But people who haven't read the book don't think I'm funny. They think I'm a humorless mental illness advocate, and they ignore me. They don't want to read a book that isn't amusing. Sure, there's sad stuff too -- I like to think of it as a well-rounded book, but if you haven't read it or heard about it (which is still most people in the world) you wouldn't think it was particularly amusing. Maybe it isn't, particularly, but at least some of it is.
Of course, there could be people who read the book who don't get the joke and don't laugh. Not everyone finds me funny, even when I was known more for being funny than not. Some people just think I'm a smartass, which I am, because it's an excellent defense mechanism.
I don't laugh at the 3 Stooges, and I don't laugh at . . . other things that rely on physical humor at the expense of wit.
However, I laughed so hard at Cabin in the Woods that I insisted we go see the movie again the next weekend, and I never do that. I'm not a horror movie aficionado -- I like good horror movies that rely upon characterization and atmosphere to show us the things we fear most, which is often ourselves, but I avoid slasher movies and movies that are just about the gore and body count. But this movie was so funny. Blood and gore everywhere, all the horror movie tropes brought into one hilarious romp of total disaster. It's the absurdity that gets me, the over-the-top culmination of all horror movie cliches brought together in all their ridiculousness. I still can't hear elevator doors pinging without thinking of elevator doors opening to reveal scads of movie monster cliches emerging to massacre anyone in their path, then closing, then ping! And then open again with more cliche monsters . . . again and again. We Americans like things over the top -- we have to keep outdoing things, going faster, being richer, creating more outrageous events, and this was a perfect representation of our skewed overachieving culture.
We almost just can't be anymore.
I want to be funny again. I want to stop taking myself so seriously, because my life is pretty damn cushy these days.
I did stand-up a couple of times. Other comedians were relying on stale bits, or exaggerated physical humor. One guy flopped onto the floor and acted like he was having a seizure so the audience could see the bottom of his shoes, on which were written . . . I don't remember what, but it wasn't very funny.
My bit was actually funny. I mean, I can't tell, but the club manager said I had good material, and a good deadpan delivery. It was so much fun, just making people laugh. If I had the energy I'd go do it again.
Then again, if I had the energy I'd go do a lot of things.
And time. Time and energy.
But I'm not sure if I can be stand-up funny again.
But now that I think about it, the best thing about doing stand-up was that I got Stew to go up and do it too. He didn't want to -- he was pretty apprehensive around crowds by then as it was, and then he tried to pull out at the last minute, while we parked at the club.
"I can't do it," he said, "I just can't," and he was shaking.
I told him he didn't have to if he didn't want t o. It's not like it was mandatory.
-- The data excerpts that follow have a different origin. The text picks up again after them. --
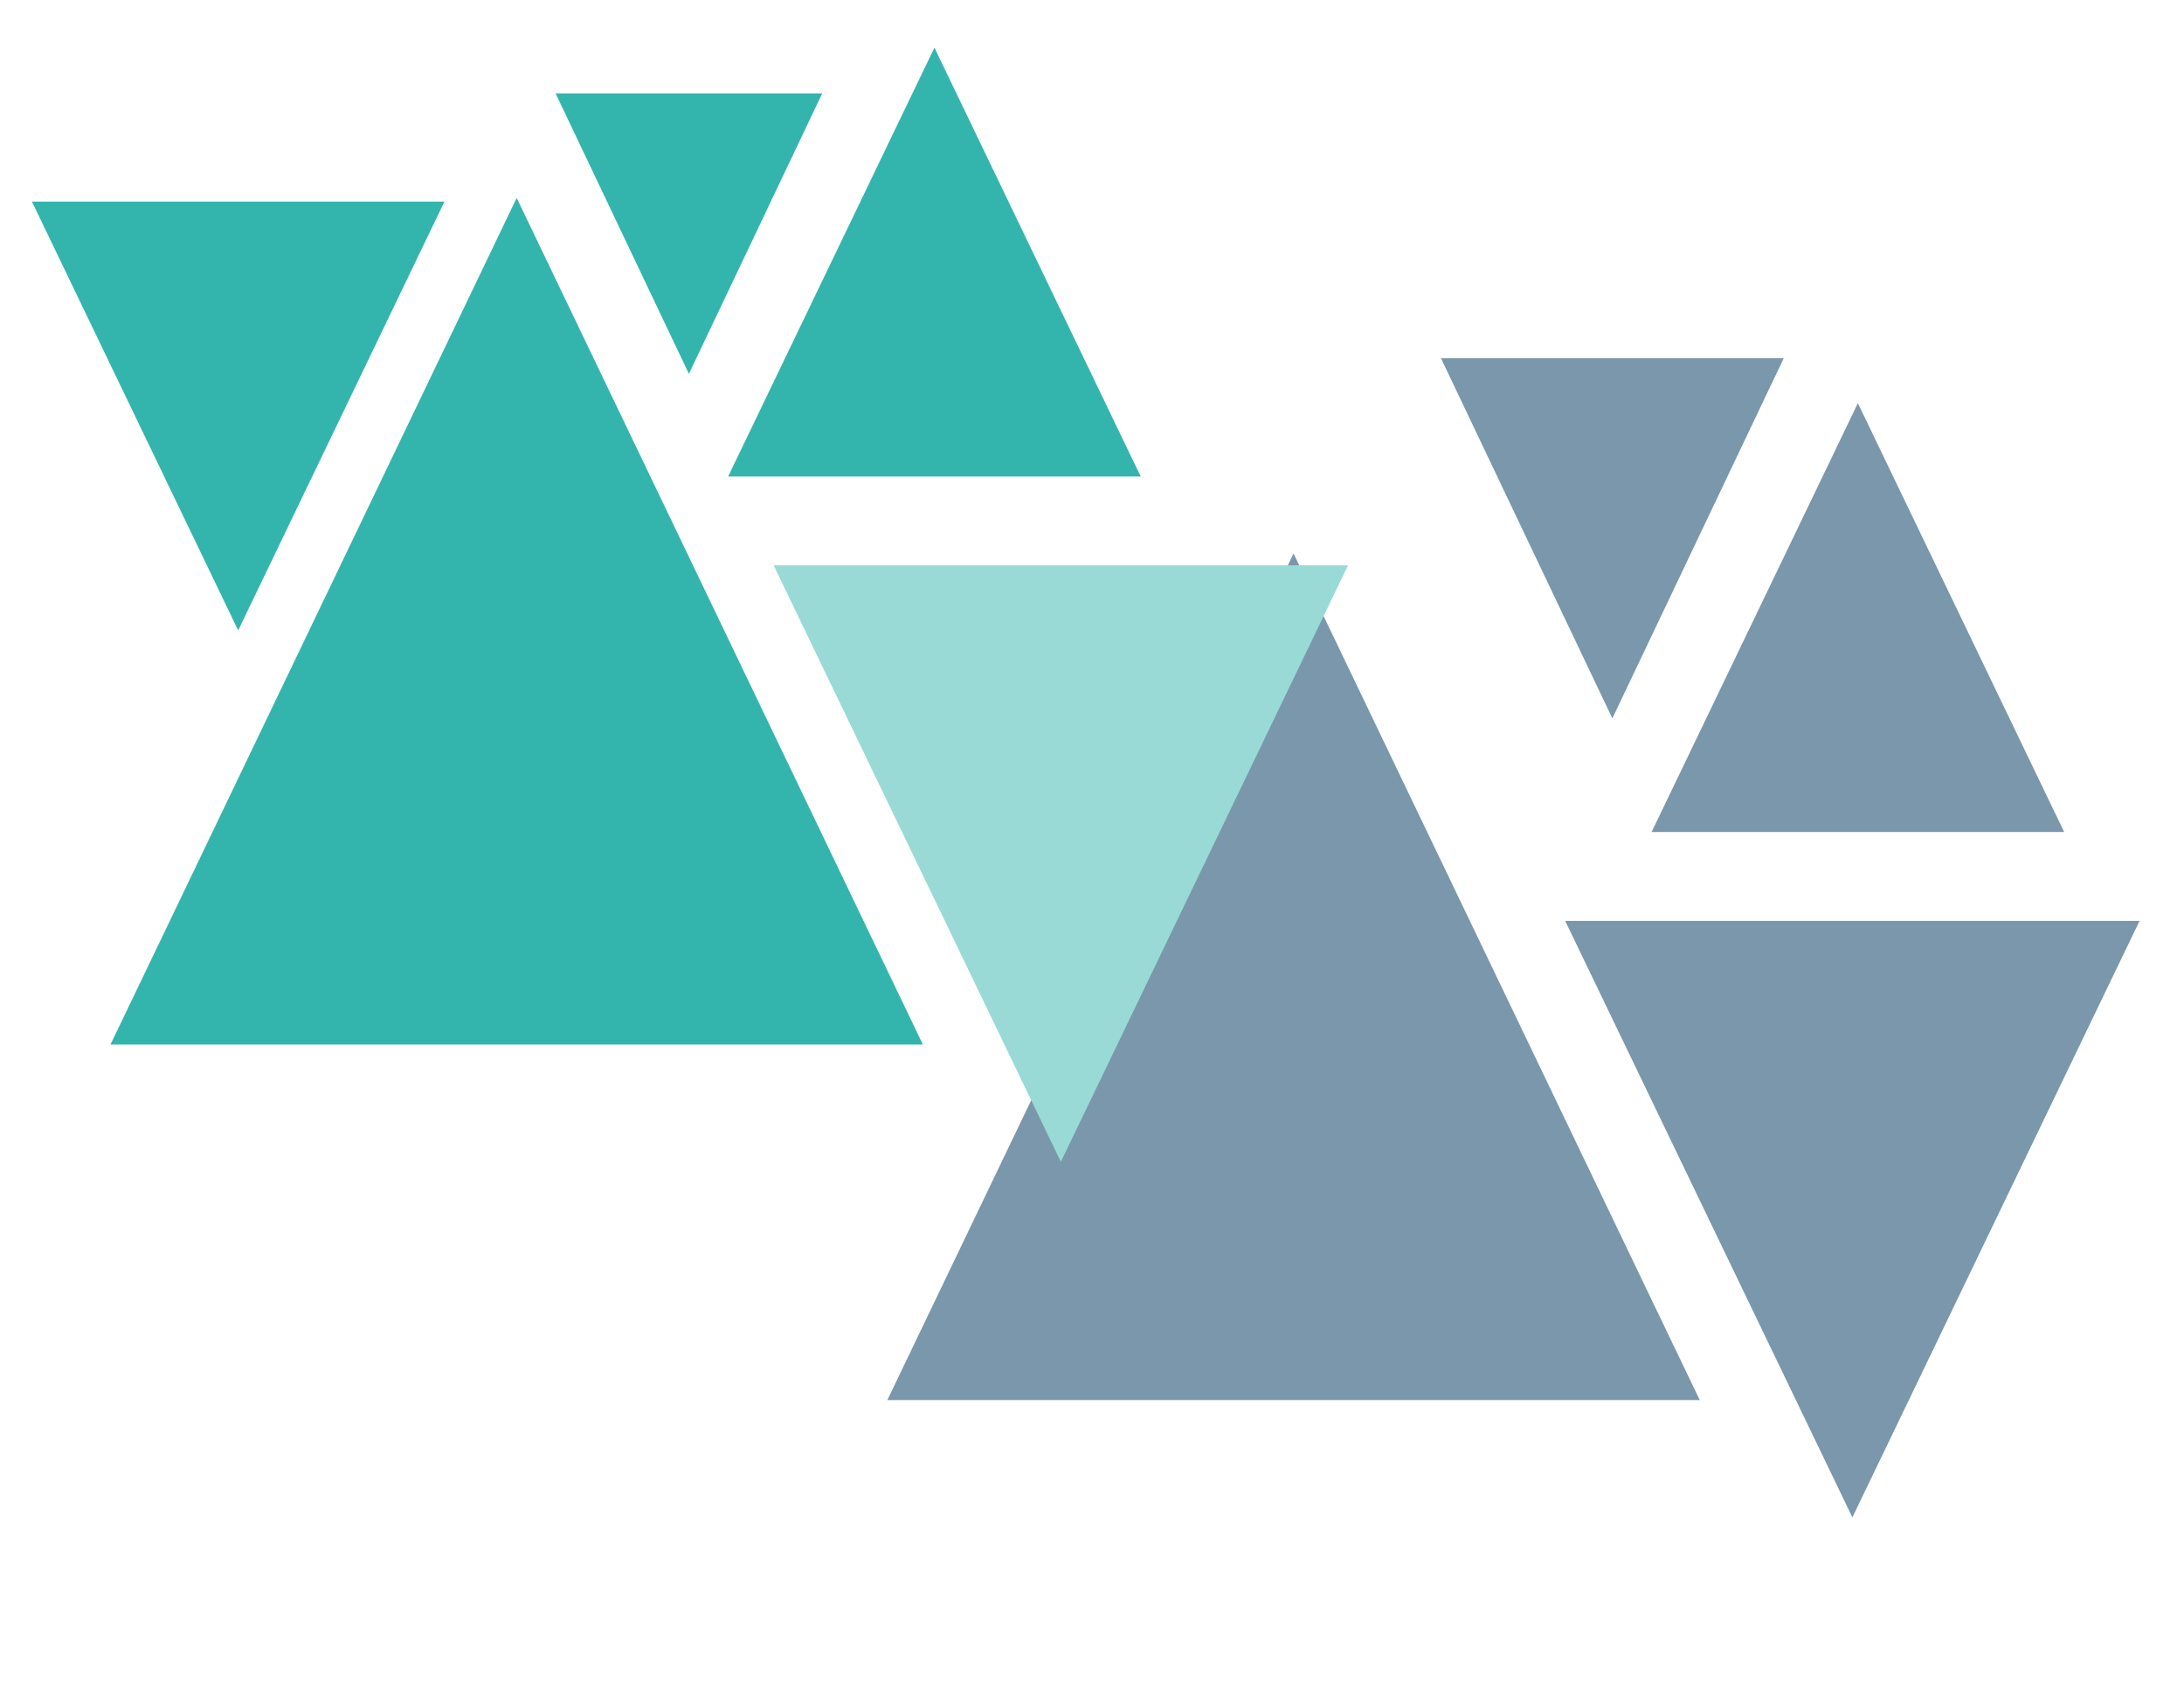 <svg width="596" height="459" viewBox="0 0 596 459" fill="none" xmlns="http://www.w3.org/2000/svg">
<path d="M141 54L251.851 285H30.149L141 54Z" fill="#33B5AD"/>
<path d="M255 13L311.292 130H198.708L255 13Z" fill="#33B5AD"/>
<path d="M65 172L8.708 55L121.292 55L65 172Z" fill="#33B5AD"/>
<path d="M188 102L151.627 25.5L224.373 25.5L188 102Z" fill="#33B5AD"/>
<path d="M353 151L463.851 382H242.149L353 151Z" fill="#7A97AB"/>
<path d="M507 110L563.292 227H450.708L507 110Z" fill="#7A97AB"/>
<path d="M440 196L393.235 97.75L486.765 97.75L440 196Z" fill="#7A97AB"/>
<path d="M289.5 317L211.125 154.25L367.875 154.25L289.5 317Z" fill="#99DAD6"/>
<path d="M505.5 414L427.125 251.25L583.875 251.25L505.5 414Z" fill="#7A97AB"/>
</svg>

It was supposed to be fun.
"You don't have to, but I'm going, so you do have to come in and watch me."
And so we went in, and after I did my bit and people laughed he decided, "What the hell," and he got up, and he went up on that stage and he performed. Well, I thought he was funny the first time I met him, so I wasn't surprised he could do stand-up well. It took a lot out of him, but he did it. I was so proud.
We were both similar in that way. We just want to make people laugh. I'm a strong believer in laughter for medicinal purposes.
When Andrew and I are together we're always making jokes. Stupid jokes sometimes, but humor is such a part of our daily routine that it makes me happy just being around him. He comes up with the most outrageous things.
Maybe with his coaching I can stop being so serious and start being funny again. Then again, my humor is often so deadpan even I don't recognize it.
Or can I?
We all need things to make us laugh, whatever it is. We have so many options to choose from, if we only know where to look.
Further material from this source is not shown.